▶ [EXERCISE DIRECTIONS] Set down all of the entries word for word, omitting the images they contain.

——————————

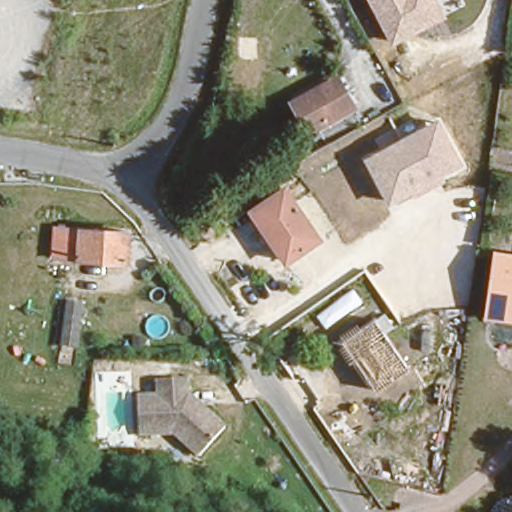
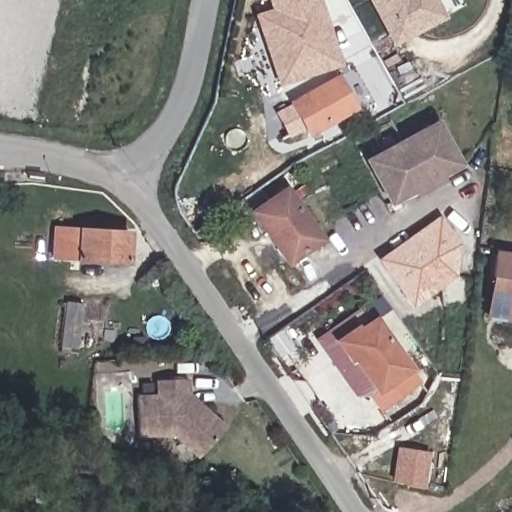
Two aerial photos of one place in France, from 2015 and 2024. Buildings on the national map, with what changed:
new [(254,15),(270,10),(266,0),(321,0),(343,65),(276,86),(254,15)]
unchanged [(448,16),(391,46),(367,0),(439,0),(448,16)]
unchanged [(308,130),(293,96),(337,75),(352,109),(308,130)]
unchanged [(445,180),(414,197),(411,192),(388,205),(364,158),(439,120),(464,165),(443,176),(445,180)]
unchanged [(246,206),(281,182),(314,233),(279,257),(246,206)]
new [(377,258),(440,215),(457,245),(457,279),(412,304),(377,258)]
unchanged [(52,254),(56,221),(128,225),(126,259),(52,254)]
unchanged [(512,249),(512,321),(479,315),(490,245),(512,249)]
demolished [(76,330),(80,284),(98,285),(93,331),(76,330)]
new [(65,348),(70,303),(88,305),(82,350),(65,348)]
unchanged [(376,387),(342,335),(376,311),(410,362),(376,387)]
unchanged [(192,406),(201,405),(222,425),(201,452),(173,430),(136,428),(137,390),(158,390),(158,375),(186,376),(185,400),(192,406)]
new [(397,446),(431,452),(425,488),(391,482),(397,446)]

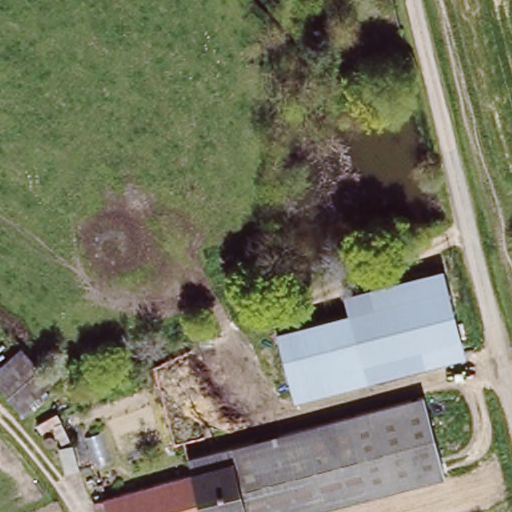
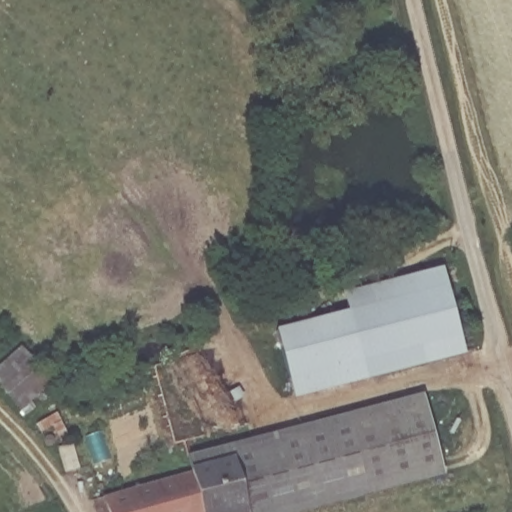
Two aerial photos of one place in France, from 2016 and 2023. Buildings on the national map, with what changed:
unchanged [(441,265),(464,348),(369,376),(348,310),(343,293),(441,265)]
unchanged [(348,310),(369,376),(294,397),(276,331),(348,310)]
unchanged [(90,500),(228,464),(226,451),(418,398),(438,477),(309,512),(93,512),(90,500)]
unchanged [(78,443),(81,466),(68,468),(63,444),(78,443)]

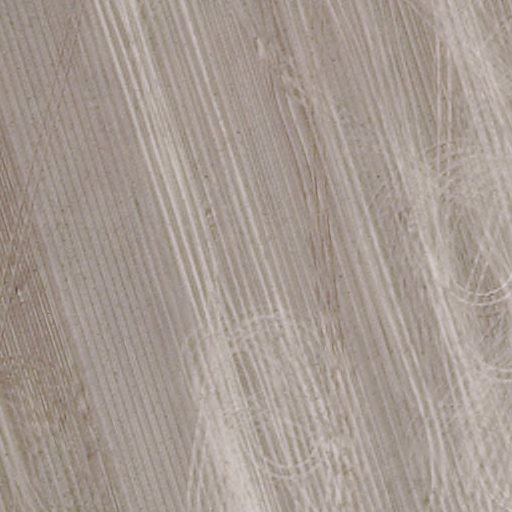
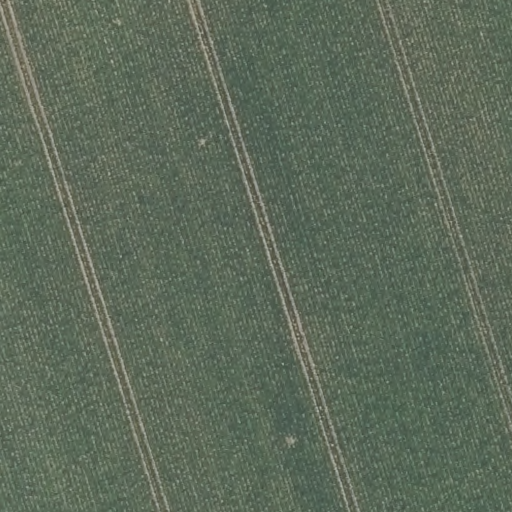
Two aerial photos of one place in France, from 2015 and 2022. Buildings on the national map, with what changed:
[]

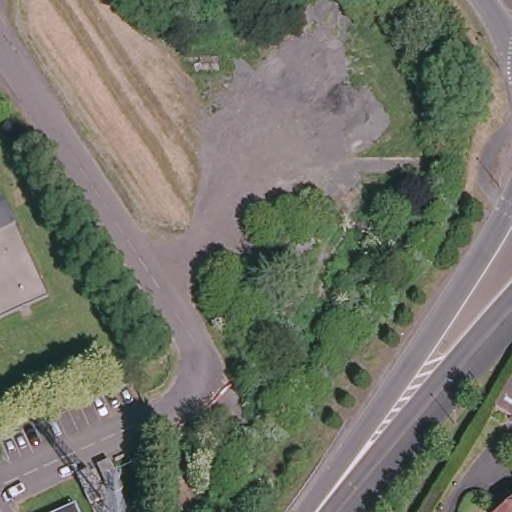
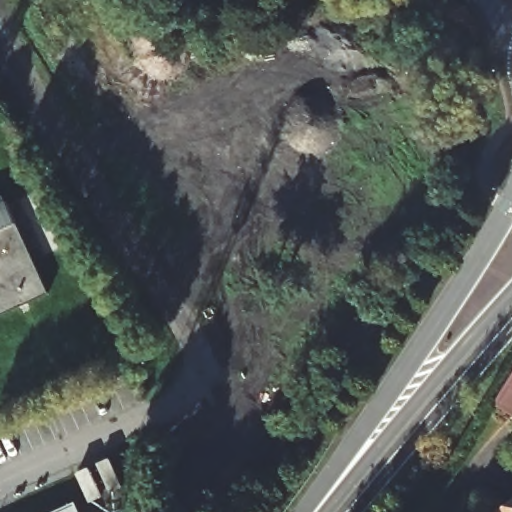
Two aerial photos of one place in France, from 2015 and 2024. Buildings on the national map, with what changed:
unchanged [(17,219),(0,226),(0,195),(3,194),(17,219)]
unchanged [(0,309),(0,226),(17,219),(49,288),(0,309)]
unchanged [(494,408),(512,377),(512,418),(494,408)]
unchanged [(113,461),(124,456),(136,485),(124,490),(113,461)]
unchanged [(91,470),(103,465),(115,494),(103,498),(91,470)]
unchanged [(75,506),(78,512),(61,512),(75,506)]
unchanged [(512,507),(512,512),(501,512),(512,507)]

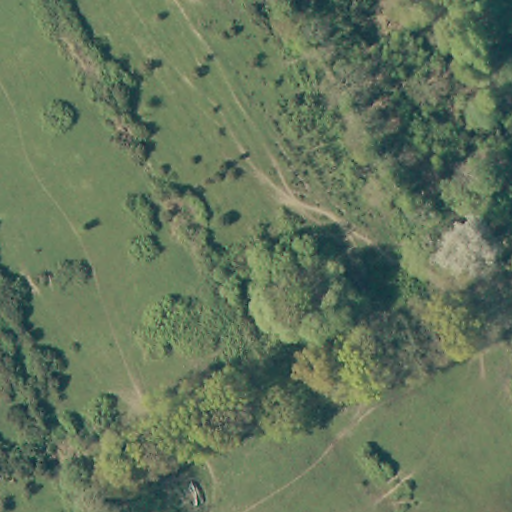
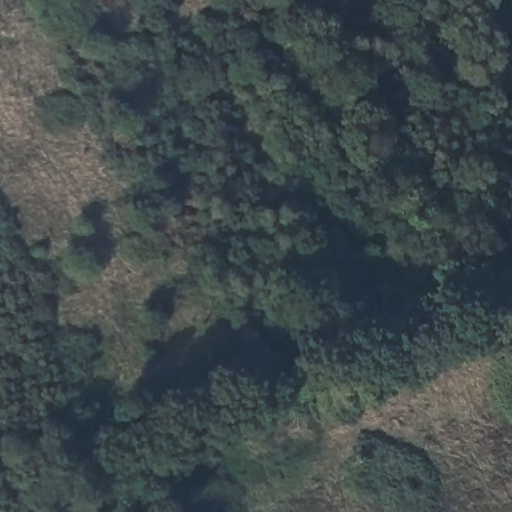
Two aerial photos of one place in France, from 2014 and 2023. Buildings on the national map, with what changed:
unchanged [(140,459),(164,448),(176,479),(153,491),(140,459)]

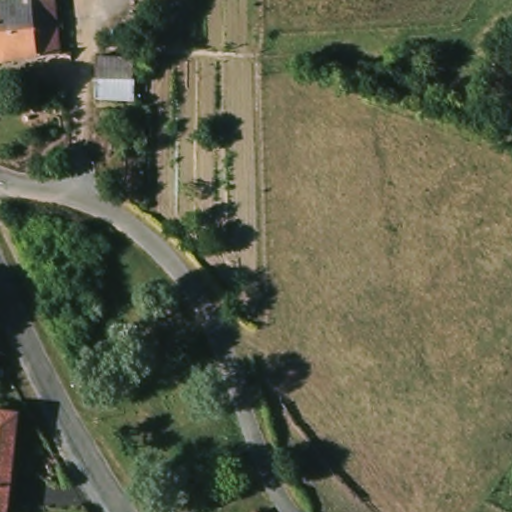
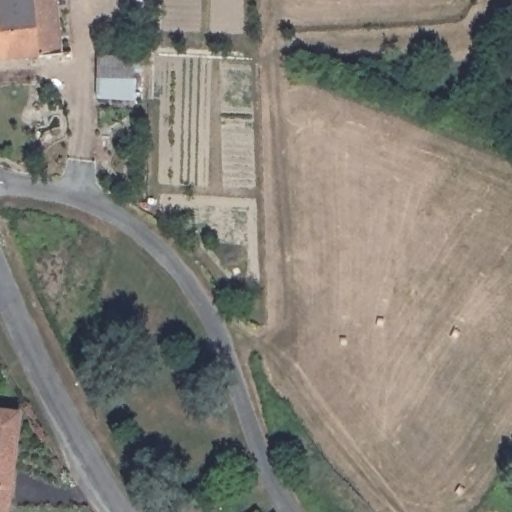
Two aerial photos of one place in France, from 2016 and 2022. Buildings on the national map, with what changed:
unchanged [(59,0),(61,35),(44,35),(43,50),(0,53),(0,0),(59,0)]
unchanged [(100,56),(132,55),(132,99),(100,99),(100,56)]
unchanged [(18,415),(11,481),(8,512),(0,512),(0,412),(18,415)]
unchanged [(266,508),(270,512),(261,512),(266,508)]

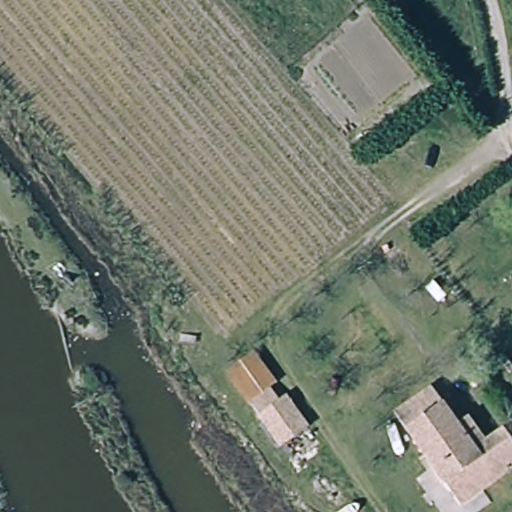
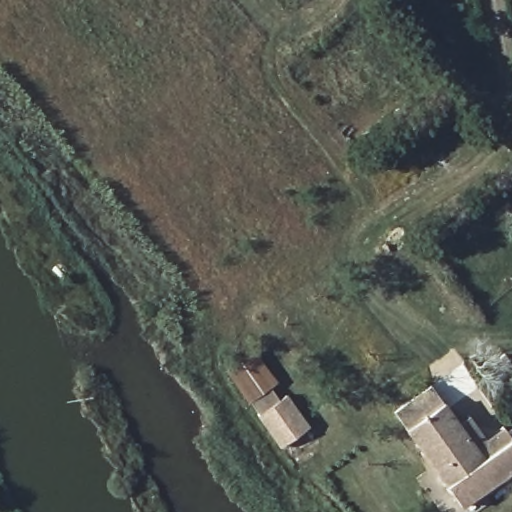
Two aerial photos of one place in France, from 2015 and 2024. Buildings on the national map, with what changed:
unchanged [(276,383),(249,402),(232,376),(259,357),(276,383)]
unchanged [(458,423),(469,414),(486,438),(504,425),(510,436),(512,439),(512,472),(460,507),(446,485),(404,429),(393,413),(430,385),(443,402),(458,423)]
unchanged [(306,427),(278,446),(259,416),(286,397),(306,427)]

——————————

▶ [EXERCISE RESPONSE]
Two aerial photos of one place in France, from 2015 and 2024. Buildings on the national map, with what changed:
new [(254,15),(270,10),(266,0),(321,0),(343,65),(276,86),(254,15)]
unchanged [(448,16),(391,46),(367,0),(439,0),(448,16)]
unchanged [(308,130),(293,96),(337,75),(352,109),(308,130)]
unchanged [(445,180),(414,197),(411,192),(388,205),(364,158),(439,120),(464,165),(443,176),(445,180)]
unchanged [(246,206),(281,182),(314,233),(279,257),(246,206)]
new [(377,258),(440,215),(457,245),(457,279),(412,304),(377,258)]
unchanged [(52,254),(56,221),(128,225),(126,259),(52,254)]
unchanged [(512,249),(512,321),(479,315),(490,245),(512,249)]
demolished [(76,330),(80,284),(98,285),(93,331),(76,330)]
new [(65,348),(70,303),(88,305),(82,350),(65,348)]
unchanged [(376,387),(342,335),(376,311),(410,362),(376,387)]
unchanged [(192,406),(201,405),(222,425),(201,452),(173,430),(136,428),(137,390),(158,390),(158,375),(186,376),(185,400),(192,406)]
new [(397,446),(431,452),(425,488),(391,482),(397,446)]

Two aerial photos of one place in France, from 2016 and 2023. Buildings on the national map, with what changed:
unchanged [(441,265),(464,348),(369,376),(348,310),(343,293),(441,265)]
unchanged [(348,310),(369,376),(294,397),(276,331),(348,310)]
unchanged [(90,500),(228,464),(226,451),(418,398),(438,477),(309,512),(93,512),(90,500)]
unchanged [(78,443),(81,466),(68,468),(63,444),(78,443)]

Two aerial photos of one place in France, from 2015 and 2022. Buildings on the national map, with what changed:
[]

Two aerial photos of one place in France, from 2015 and 2024. Buildings on the national map, with what changed:
unchanged [(17,219),(0,226),(0,195),(3,194),(17,219)]
unchanged [(0,309),(0,226),(17,219),(49,288),(0,309)]
unchanged [(494,408),(512,377),(512,418),(494,408)]
unchanged [(113,461),(124,456),(136,485),(124,490),(113,461)]
unchanged [(91,470),(103,465),(115,494),(103,498),(91,470)]
unchanged [(75,506),(78,512),(61,512),(75,506)]
unchanged [(512,507),(512,512),(501,512),(512,507)]

Two aerial photos of one place in France, from 2014 and 2023. Buildings on the national map, with what changed:
unchanged [(140,459),(164,448),(176,479),(153,491),(140,459)]

Two aerial photos of one place in France, from 2016 and 2022. Buildings on the national map, with what changed:
unchanged [(59,0),(61,35),(44,35),(43,50),(0,53),(0,0),(59,0)]
unchanged [(100,56),(132,55),(132,99),(100,99),(100,56)]
unchanged [(18,415),(11,481),(8,512),(0,512),(0,412),(18,415)]
unchanged [(266,508),(270,512),(261,512),(266,508)]

Two aerial photos of one place in France, from 2015 and 2024. Buildings on the national map, with what changed:
unchanged [(276,383),(249,402),(232,376),(259,357),(276,383)]
unchanged [(458,423),(469,414),(486,438),(504,425),(510,436),(512,439),(512,472),(460,507),(446,485),(404,429),(393,413),(430,385),(443,402),(458,423)]
unchanged [(306,427),(278,446),(259,416),(286,397),(306,427)]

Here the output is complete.